Results and discussion
Previous approaches for cataloguing the mutation spectrum in CRC were
limited either by the number of patients analysed or a low depth of coverage14,20,107. In this study, we present pathway-oriented mutational profiles of
33
a large number of primary CRCs, of which approximately half eventually
developed metastatic disease. We observed the expected frequencies of mutations in known CRC genes such as APC, TP53 and KRAS, confirming the
sensitivity of our somatic mutation calling. In addition, we discovered a high
mutation rate in genes such as TCF7L2, SETD1B and BMPR2 in microsatellite repeat regions in MSI tumours, suggesting a greater sensitivity of our
mutation detection software in regions that are difficult to analyse. Interestingly, we uncovered a significantly higher mutation rate in the Ephrin receptor tyrosine kinase family in MSS primary CRC tumours that proceeded to
develop distant metastases compared to those that showed no such progression. Due to the pattern of mutations found in these genes, we propose that
they may have a metastasis suppressor role in their wild type state, and that
mutations may inactivate this function, thus promoting a more aggressive
disease progression. The Ephrin receptor gene family has long been thought
to have a role in metastatic disease development and expression analyses
have linked both over- and under-expression with cancer progression in
many different tissue types. However, specific mutations associated with
metastases have not yet been characterised. As a number of patients had
mutations in more than one Ephrin receptor gene, we hypothesise that the
inactivating effect of these mutations may be cumulative, requiring a number
of mutations to promote metastases. This proposal is also supported by the
high level of sequence similarity between genes in this family. In conclusion,
although a significant difference was observed between metastatic and nonmetastatic patient groups, a larger number of patients would be required to
confirm our findings, as well as functional analyses of the mutations found
in this study.
34
Concluding remarks and future perspectives
Problems associated with sample preparation and correctly identifying patient material have long been recognised, as well as the vast amounts of preanalytical variables that may confound interpretation of results. Currently,
the Biorepositories and Biospecimen Research Branch (BBRB) of the National Cancer Institute in the US, and the European Organisation for Research and Treatment of cancer (EORTC) are developing guidelines for the
standardisation and improvement of biospecimen handling to ensure that
findings are reproducible and reflective of disease state in vivo.
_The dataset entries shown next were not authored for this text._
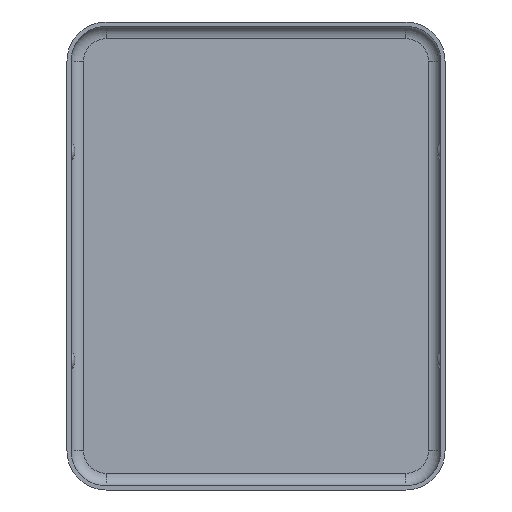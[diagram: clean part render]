
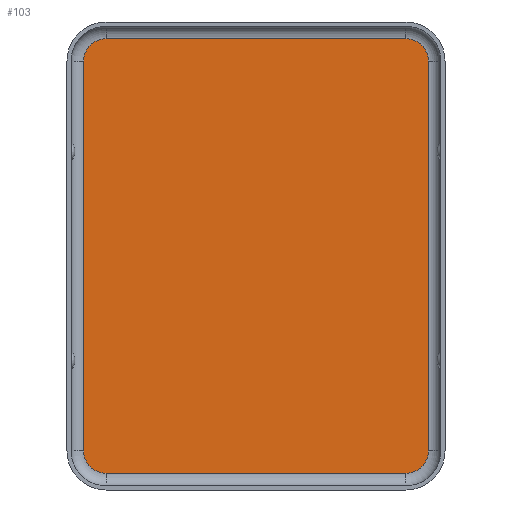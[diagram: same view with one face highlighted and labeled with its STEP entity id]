
A CAD part, front view. The second image highlights one B-rep face of the part: STEP entity #103.
In plain terms, the highlighted planar face has unit normal (0, -1, 0).
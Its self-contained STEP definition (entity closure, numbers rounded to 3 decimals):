
#103 = ADVANCED_FACE( 'NONE', ( #241 ), #242, .T. );
#241 = FACE_OUTER_BOUND( '', #554, .T. );
#242 = PLANE( '', #555 );
#554 = EDGE_LOOP( '', ( #912, #913, #914, #915, #916, #917, #918, #919 ) );
#555 = AXIS2_PLACEMENT_3D( '', #920, #921, #922 );
#912 = ORIENTED_EDGE( '', *, *, #1249, .F. );
#913 = ORIENTED_EDGE( '', *, *, #1229, .F. );
#914 = ORIENTED_EDGE( '', *, *, #1250, .F. );
#915 = ORIENTED_EDGE( '', *, *, #1251, .F. );
#916 = ORIENTED_EDGE( '', *, *, #1252, .F. );
#917 = ORIENTED_EDGE( '', *, *, #1253, .F. );
#918 = ORIENTED_EDGE( '', *, *, #1254, .F. );
#919 = ORIENTED_EDGE( '', *, *, #1255, .F. );
#920 = CARTESIAN_POINT( '', ( 7.15, 0., -9.325 ) );
#921 = DIRECTION( '', ( 0., -1., 0. ) );
#922 = DIRECTION( '', ( 0., 0., -1. ) );
#1229 = EDGE_CURVE( '', #1405, #1407, #1408, .F. );
#1249 = EDGE_CURVE( '', #1407, #1439, #1440, .F. );
#1250 = EDGE_CURVE( '', #1441, #1405, #1442, .F. );
#1251 = EDGE_CURVE( '', #1443, #1441, #1444, .T. );
#1252 = EDGE_CURVE( '', #1445, #1443, #1446, .F. );
#1253 = EDGE_CURVE( '', #1447, #1445, #1448, .T. );
#1254 = EDGE_CURVE( '', #1449, #1447, #1450, .F. );
#1255 = EDGE_CURVE( '', #1439, #1449, #1451, .F. );
#1405 = VERTEX_POINT( '', #1624 );
#1407 = VERTEX_POINT( '', #1626 );
#1408 = LINE( '', #1627, #1628 );
#1439 = VERTEX_POINT( '', #1668 );
#1440 = CIRCLE( '', #1669, 1.075 );
#1441 = VERTEX_POINT( '', #1670 );
#1442 = CIRCLE( '', #1671, 1.075 );
#1443 = VERTEX_POINT( '', #1672 );
#1444 = LINE( '', #1673, #1674 );
#1445 = VERTEX_POINT( '', #1675 );
#1446 = CIRCLE( '', #1676, 1.075 );
#1447 = VERTEX_POINT( '', #1677 );
#1448 = LINE( '', #1678, #1679 );
#1449 = VERTEX_POINT( '', #1680 );
#1450 = CIRCLE( '', #1681, 1.075 );
#1451 = LINE( '', #1682, #1683 );
#1624 = CARTESIAN_POINT( '', ( 7.175, 0., -10.4 ) );
#1626 = CARTESIAN_POINT( '', ( -7.175, 0., -10.4 ) );
#1627 = CARTESIAN_POINT( '', ( 7.15, 0., -10.4 ) );
#1628 = VECTOR( '', #1874, 1000. );
#1668 = CARTESIAN_POINT( '', ( -8.25, 0., -9.325 ) );
#1669 = AXIS2_PLACEMENT_3D( '', #1905, #1906, #1907 );
#1670 = CARTESIAN_POINT( '', ( 8.25, 0., -9.325 ) );
#1671 = AXIS2_PLACEMENT_3D( '', #1908, #1909, #1910 );
#1672 = CARTESIAN_POINT( '', ( 8.25, 0., 9.325 ) );
#1673 = CARTESIAN_POINT( '', ( 8.25, 0., -9.325 ) );
#1674 = VECTOR( '', #1911, 1000. );
#1675 = CARTESIAN_POINT( '', ( 7.175, 0., 10.4 ) );
#1676 = AXIS2_PLACEMENT_3D( '', #1912, #1913, #1914 );
#1677 = CARTESIAN_POINT( '', ( -7.175, 0., 10.4 ) );
#1678 = CARTESIAN_POINT( '', ( 7.15, 0., 10.4 ) );
#1679 = VECTOR( '', #1915, 1000. );
#1680 = CARTESIAN_POINT( '', ( -8.25, 0., 9.325 ) );
#1681 = AXIS2_PLACEMENT_3D( '', #1916, #1917, #1918 );
#1682 = CARTESIAN_POINT( '', ( -8.25, 0., -9.325 ) );
#1683 = VECTOR( '', #1919, 1000. );
#1874 = DIRECTION( '', ( 1., 0., 0. ) );
#1905 = CARTESIAN_POINT( '', ( -7.175, 0., -9.325 ) );
#1906 = DIRECTION( '', ( 0., -1., 0. ) );
#1907 = DIRECTION( '', ( 0., 0., -1. ) );
#1908 = CARTESIAN_POINT( '', ( 7.175, 0., -9.325 ) );
#1909 = DIRECTION( '', ( 0., -1., 0. ) );
#1910 = DIRECTION( '', ( 0., 0., -1. ) );
#1911 = DIRECTION( '', ( 0., 0., -1. ) );
#1912 = CARTESIAN_POINT( '', ( 7.175, 0., 9.325 ) );
#1913 = DIRECTION( '', ( 0., -1., 0. ) );
#1914 = DIRECTION( '', ( 0., 0., -1. ) );
#1915 = DIRECTION( '', ( 1., 0., 0. ) );
#1916 = CARTESIAN_POINT( '', ( -7.175, 0., 9.325 ) );
#1917 = DIRECTION( '', ( 0., -1., 0. ) );
#1918 = DIRECTION( '', ( 0., 0., -1. ) );
#1919 = DIRECTION( '', ( 0., 0., -1. ) );

Unfortunately, the failure rate in drug development for the treatment of
cancer indicates that much remains to be done. Studies by Amgen and Bayer
HealthCare attempting to reproduce pre-clinical data have reported dismally
low success rates from 11 – 25 %, even with studies from papers considered
to show “landmark” findings144,145. Although one cannot only blame poor
experimental design and non-standardised sample preparation for the irreproducibility of pre-clinical findings (cancer in itself is a particularly difficult disease due to both inter- and intra-patient heterogeneity), these are certainly some of the limiting factors. Problems with poor sample handling and
preparation, combined with the complexity of the disease have resulted in a
wealth of problems for drug development. The field of personalised medicine, once an exciting buzzword for finding the ultimate cure to cancer, has
become littered with reports of resistance to therapy and relatively small
gains in overall or disease-free survival130,146-150.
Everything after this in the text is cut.